--- Supplied records Enclosed Below ---
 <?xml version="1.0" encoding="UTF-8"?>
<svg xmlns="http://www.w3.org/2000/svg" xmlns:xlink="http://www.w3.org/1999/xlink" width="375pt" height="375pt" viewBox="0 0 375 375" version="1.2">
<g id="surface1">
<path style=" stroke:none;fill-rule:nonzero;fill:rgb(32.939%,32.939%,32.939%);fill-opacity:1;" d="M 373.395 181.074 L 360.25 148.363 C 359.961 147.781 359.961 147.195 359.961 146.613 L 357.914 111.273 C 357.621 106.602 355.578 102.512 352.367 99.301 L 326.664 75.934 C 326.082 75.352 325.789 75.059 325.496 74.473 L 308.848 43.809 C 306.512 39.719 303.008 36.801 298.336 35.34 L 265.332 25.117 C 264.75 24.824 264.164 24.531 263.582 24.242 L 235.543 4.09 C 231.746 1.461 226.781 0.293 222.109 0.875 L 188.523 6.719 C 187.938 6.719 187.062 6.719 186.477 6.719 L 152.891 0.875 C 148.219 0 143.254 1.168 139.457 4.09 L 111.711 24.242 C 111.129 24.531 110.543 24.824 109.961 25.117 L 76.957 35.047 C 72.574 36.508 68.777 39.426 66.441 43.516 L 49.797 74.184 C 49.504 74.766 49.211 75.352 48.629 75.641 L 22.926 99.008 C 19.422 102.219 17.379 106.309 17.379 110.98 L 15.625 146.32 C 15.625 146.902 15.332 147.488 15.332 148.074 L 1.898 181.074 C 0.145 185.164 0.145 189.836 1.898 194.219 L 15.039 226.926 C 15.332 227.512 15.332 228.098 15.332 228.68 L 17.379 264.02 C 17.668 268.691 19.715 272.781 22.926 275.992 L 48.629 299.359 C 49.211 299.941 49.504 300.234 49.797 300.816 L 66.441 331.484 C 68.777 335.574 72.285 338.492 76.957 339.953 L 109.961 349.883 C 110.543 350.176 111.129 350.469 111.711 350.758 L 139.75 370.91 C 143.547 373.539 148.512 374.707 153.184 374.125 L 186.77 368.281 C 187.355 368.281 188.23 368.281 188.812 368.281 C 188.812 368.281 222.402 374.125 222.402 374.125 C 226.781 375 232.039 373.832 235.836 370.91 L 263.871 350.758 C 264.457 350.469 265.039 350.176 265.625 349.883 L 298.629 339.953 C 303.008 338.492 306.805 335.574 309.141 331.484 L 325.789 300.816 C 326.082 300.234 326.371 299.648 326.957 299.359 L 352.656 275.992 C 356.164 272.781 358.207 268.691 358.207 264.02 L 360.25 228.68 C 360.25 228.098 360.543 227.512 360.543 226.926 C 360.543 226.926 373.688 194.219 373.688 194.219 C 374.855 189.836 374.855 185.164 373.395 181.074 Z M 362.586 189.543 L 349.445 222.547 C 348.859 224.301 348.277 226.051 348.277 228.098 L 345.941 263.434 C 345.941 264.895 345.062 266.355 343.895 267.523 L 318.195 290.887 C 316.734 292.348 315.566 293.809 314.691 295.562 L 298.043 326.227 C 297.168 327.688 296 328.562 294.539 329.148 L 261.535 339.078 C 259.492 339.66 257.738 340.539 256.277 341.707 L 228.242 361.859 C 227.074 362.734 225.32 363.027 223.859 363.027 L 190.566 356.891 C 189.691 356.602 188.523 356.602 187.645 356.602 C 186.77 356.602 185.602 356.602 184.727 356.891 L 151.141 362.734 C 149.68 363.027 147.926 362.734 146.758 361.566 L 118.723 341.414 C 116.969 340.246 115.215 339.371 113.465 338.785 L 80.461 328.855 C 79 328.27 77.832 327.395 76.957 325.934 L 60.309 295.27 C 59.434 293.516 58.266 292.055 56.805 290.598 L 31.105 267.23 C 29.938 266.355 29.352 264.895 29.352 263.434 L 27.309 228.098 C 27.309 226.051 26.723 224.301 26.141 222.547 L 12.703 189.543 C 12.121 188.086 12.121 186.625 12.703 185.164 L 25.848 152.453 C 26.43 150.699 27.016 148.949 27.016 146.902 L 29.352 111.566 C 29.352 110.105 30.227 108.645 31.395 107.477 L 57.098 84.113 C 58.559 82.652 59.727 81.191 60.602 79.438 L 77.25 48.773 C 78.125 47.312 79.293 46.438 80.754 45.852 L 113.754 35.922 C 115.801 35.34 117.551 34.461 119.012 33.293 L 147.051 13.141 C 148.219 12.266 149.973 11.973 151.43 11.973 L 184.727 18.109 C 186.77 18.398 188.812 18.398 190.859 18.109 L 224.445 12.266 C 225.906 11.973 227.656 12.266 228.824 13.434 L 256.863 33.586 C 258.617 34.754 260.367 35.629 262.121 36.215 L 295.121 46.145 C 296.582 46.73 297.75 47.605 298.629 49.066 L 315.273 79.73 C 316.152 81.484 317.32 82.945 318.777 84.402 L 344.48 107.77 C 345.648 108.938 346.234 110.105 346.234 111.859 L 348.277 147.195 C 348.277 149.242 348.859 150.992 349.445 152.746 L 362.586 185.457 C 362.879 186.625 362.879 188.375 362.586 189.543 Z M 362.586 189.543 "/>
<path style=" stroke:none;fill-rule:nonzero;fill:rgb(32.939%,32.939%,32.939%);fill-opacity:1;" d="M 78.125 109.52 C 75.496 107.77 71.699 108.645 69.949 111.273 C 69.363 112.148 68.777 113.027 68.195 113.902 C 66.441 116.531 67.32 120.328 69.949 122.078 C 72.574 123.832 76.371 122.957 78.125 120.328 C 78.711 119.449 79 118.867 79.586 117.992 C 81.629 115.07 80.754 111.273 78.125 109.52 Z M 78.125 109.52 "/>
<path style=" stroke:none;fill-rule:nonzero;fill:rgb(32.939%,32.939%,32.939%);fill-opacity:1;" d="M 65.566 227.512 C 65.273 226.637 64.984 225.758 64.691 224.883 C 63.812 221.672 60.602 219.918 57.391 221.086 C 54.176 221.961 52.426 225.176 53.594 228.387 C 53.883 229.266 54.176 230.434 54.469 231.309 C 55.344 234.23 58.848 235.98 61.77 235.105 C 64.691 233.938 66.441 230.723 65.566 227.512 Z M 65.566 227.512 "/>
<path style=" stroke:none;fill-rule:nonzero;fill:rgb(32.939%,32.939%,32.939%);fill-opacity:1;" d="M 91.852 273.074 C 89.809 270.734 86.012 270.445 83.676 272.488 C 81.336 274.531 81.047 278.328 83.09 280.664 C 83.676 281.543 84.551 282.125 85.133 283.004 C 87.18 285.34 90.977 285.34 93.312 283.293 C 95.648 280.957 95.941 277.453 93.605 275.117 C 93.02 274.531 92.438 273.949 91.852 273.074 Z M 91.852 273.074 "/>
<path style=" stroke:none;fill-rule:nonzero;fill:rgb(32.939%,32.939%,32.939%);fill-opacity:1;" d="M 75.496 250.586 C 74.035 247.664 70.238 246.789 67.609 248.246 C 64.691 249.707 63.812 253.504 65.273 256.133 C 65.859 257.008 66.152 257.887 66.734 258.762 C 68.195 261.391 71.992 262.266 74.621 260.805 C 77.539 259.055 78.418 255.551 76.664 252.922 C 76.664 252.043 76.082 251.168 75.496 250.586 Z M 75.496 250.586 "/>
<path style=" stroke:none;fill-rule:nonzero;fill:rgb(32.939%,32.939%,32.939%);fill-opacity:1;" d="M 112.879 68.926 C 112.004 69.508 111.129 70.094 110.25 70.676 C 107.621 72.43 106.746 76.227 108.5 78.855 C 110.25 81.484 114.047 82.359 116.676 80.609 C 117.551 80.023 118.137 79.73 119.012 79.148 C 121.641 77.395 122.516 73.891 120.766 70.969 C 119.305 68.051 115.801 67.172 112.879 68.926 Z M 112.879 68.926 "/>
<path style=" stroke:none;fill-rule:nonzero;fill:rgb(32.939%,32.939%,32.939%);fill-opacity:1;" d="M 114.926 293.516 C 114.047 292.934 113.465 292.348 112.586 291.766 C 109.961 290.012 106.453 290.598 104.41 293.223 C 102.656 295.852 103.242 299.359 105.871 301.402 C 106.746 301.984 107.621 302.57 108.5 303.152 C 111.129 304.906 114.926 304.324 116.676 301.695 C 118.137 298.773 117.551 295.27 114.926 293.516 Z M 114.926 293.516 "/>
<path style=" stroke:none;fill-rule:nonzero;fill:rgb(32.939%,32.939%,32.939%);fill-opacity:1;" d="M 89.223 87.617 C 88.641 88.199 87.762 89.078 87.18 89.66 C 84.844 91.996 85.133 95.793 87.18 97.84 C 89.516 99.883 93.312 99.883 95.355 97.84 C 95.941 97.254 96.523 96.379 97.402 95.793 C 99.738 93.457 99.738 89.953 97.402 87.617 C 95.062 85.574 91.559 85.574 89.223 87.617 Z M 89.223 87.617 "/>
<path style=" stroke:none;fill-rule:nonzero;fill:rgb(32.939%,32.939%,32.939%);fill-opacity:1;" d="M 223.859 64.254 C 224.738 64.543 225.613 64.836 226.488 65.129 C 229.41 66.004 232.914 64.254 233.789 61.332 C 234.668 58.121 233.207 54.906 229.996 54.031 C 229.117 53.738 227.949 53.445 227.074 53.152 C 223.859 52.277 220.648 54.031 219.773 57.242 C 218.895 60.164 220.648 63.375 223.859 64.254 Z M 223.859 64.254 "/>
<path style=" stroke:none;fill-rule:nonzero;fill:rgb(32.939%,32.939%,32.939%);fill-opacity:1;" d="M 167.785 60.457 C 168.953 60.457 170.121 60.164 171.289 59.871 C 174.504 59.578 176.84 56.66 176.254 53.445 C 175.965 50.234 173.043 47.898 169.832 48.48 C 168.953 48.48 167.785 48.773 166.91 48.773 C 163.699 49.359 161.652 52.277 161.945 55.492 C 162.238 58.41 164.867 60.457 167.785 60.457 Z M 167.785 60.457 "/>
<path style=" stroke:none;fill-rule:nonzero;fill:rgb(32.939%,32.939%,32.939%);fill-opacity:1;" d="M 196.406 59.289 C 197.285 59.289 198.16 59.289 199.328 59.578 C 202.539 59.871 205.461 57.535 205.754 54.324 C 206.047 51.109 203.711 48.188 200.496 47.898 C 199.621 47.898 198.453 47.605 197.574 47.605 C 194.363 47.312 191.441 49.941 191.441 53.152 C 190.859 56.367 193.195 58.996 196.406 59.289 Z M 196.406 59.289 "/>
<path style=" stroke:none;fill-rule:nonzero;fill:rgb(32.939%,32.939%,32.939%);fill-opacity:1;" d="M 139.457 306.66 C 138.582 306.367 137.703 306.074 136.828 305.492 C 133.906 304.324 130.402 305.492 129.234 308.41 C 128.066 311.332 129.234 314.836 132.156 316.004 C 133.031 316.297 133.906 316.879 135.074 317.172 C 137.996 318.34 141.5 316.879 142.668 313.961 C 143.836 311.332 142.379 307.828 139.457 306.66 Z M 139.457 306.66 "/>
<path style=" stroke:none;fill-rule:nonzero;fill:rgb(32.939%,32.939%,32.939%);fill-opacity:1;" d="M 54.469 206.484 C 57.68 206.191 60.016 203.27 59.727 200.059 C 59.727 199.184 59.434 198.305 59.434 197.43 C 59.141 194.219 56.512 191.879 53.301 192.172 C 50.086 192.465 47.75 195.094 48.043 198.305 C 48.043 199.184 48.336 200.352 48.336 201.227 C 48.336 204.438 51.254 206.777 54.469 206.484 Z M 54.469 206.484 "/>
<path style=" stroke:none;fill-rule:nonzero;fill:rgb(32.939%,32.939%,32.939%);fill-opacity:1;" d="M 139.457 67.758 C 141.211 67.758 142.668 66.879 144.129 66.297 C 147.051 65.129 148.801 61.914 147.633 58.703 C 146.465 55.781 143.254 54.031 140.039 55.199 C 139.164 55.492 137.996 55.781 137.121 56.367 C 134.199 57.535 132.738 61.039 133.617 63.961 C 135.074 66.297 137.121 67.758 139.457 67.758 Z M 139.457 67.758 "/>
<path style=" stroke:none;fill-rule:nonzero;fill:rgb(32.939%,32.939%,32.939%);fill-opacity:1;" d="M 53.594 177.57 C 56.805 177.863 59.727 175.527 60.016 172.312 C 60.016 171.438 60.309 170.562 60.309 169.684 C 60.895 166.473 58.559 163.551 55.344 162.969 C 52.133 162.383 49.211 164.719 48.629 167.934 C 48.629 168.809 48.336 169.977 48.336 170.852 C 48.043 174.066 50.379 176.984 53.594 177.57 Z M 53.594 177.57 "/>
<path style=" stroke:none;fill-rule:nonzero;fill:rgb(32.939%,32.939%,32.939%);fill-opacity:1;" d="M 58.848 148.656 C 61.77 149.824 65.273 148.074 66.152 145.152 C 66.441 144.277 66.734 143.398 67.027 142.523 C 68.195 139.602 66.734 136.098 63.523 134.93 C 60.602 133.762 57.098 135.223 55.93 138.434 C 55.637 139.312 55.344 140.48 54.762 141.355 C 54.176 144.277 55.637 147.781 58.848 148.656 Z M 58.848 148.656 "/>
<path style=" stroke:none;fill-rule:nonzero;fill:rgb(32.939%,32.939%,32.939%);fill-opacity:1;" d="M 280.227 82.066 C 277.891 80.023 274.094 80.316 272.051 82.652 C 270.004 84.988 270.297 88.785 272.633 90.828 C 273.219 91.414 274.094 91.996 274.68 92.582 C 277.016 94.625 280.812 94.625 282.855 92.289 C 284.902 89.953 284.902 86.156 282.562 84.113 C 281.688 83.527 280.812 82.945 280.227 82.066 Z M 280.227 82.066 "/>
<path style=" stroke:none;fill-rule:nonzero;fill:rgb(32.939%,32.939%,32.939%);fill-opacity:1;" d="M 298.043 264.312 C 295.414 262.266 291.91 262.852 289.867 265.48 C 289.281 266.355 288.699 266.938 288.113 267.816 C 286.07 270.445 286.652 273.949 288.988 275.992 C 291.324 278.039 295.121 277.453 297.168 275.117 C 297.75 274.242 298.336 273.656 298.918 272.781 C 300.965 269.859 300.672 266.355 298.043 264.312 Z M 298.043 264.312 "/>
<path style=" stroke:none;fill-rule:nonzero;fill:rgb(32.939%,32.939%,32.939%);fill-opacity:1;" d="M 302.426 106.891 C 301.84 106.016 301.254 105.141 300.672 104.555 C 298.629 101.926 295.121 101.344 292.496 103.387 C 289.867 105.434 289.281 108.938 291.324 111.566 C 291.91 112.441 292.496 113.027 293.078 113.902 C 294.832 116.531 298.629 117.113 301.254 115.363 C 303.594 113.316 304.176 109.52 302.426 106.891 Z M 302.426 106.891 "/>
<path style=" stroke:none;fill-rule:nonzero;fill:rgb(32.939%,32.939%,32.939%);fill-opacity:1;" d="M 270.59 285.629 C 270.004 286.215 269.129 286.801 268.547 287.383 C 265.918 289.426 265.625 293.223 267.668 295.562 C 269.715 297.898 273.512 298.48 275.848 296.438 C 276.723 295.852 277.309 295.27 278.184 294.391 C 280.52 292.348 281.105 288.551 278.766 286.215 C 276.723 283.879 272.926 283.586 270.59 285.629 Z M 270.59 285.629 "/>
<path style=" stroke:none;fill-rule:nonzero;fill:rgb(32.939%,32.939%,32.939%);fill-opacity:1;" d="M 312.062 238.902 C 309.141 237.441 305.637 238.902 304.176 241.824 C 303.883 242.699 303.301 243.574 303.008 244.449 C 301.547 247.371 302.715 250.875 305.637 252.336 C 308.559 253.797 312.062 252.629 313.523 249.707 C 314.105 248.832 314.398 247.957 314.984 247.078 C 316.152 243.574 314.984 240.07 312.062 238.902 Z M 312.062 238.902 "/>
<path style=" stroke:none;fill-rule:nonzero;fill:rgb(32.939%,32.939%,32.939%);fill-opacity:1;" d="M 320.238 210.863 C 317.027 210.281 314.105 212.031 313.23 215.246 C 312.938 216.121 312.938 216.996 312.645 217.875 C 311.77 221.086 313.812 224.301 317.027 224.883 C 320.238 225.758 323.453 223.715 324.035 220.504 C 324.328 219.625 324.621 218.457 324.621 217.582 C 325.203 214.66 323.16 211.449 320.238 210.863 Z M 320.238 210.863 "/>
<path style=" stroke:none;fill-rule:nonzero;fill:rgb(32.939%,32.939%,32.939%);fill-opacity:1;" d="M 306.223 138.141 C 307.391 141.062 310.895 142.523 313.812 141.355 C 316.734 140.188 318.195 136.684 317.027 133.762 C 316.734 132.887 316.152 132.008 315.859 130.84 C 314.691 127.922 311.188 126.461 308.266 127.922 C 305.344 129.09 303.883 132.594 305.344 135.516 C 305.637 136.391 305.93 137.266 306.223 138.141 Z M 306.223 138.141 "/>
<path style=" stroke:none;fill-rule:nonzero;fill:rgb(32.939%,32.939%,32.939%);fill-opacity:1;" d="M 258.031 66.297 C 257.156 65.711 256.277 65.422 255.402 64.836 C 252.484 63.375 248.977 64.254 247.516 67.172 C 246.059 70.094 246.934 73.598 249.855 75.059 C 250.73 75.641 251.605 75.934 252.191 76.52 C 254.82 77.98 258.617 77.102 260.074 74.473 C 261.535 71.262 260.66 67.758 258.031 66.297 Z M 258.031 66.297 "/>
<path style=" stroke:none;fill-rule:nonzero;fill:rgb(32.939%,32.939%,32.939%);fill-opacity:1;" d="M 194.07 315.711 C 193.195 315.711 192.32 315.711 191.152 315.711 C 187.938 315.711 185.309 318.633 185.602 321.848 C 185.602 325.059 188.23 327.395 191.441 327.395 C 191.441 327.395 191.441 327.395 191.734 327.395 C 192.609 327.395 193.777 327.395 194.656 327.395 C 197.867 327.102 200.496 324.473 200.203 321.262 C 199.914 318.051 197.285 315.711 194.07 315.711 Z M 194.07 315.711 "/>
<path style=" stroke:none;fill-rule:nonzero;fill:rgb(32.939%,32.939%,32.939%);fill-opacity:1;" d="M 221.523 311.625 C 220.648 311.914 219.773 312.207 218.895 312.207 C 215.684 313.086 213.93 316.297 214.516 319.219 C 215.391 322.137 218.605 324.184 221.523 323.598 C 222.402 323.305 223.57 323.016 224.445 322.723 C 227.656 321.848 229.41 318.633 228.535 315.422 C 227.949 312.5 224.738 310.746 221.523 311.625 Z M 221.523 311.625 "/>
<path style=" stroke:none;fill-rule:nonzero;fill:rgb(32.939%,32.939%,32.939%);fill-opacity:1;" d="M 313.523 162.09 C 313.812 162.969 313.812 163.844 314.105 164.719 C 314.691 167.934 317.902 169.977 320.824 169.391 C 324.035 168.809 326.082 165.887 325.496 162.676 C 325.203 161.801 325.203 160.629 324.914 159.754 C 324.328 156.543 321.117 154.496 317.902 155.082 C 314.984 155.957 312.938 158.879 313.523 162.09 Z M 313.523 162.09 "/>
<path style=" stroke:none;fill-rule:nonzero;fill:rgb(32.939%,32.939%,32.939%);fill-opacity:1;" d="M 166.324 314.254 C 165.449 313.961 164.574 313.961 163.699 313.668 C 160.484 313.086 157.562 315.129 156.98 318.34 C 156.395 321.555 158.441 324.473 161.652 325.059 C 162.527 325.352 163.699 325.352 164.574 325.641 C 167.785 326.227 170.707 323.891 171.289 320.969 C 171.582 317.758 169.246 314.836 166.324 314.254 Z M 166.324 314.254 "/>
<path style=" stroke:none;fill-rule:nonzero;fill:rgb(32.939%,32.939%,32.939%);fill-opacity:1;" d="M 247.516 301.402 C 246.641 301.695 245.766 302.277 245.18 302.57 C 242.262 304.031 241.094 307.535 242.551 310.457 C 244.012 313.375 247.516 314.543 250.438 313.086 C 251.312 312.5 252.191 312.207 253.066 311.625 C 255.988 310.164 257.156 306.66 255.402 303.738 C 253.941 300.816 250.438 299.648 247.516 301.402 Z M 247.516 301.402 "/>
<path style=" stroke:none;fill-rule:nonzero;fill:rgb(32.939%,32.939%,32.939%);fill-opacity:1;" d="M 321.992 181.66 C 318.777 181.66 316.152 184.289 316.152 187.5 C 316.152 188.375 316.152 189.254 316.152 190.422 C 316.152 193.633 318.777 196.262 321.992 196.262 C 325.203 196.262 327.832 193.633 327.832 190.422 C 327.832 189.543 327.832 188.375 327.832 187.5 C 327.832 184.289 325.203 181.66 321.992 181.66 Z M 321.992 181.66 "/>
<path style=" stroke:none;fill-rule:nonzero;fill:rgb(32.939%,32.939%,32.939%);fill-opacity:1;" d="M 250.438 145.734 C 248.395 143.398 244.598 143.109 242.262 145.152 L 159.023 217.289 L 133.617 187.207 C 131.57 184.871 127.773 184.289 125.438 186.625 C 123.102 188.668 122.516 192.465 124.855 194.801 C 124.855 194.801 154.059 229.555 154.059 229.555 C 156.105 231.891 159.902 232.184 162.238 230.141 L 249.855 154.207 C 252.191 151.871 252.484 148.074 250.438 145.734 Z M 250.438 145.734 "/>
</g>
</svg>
--- End of Enclosed Supplied records ---
> Exercise:
With "version" as the string to match, show every line of the entries above that has it.

> Reply to the exercise:
 <?xml version="1.0" encoding="UTF-8"?>
<svg xmlns="http://www.w3.org/2000/svg" xmlns:xlink="http://www.w3.org/1999/xlink" width="375pt" height="375pt" viewBox="0 0 375 375" version="1.2">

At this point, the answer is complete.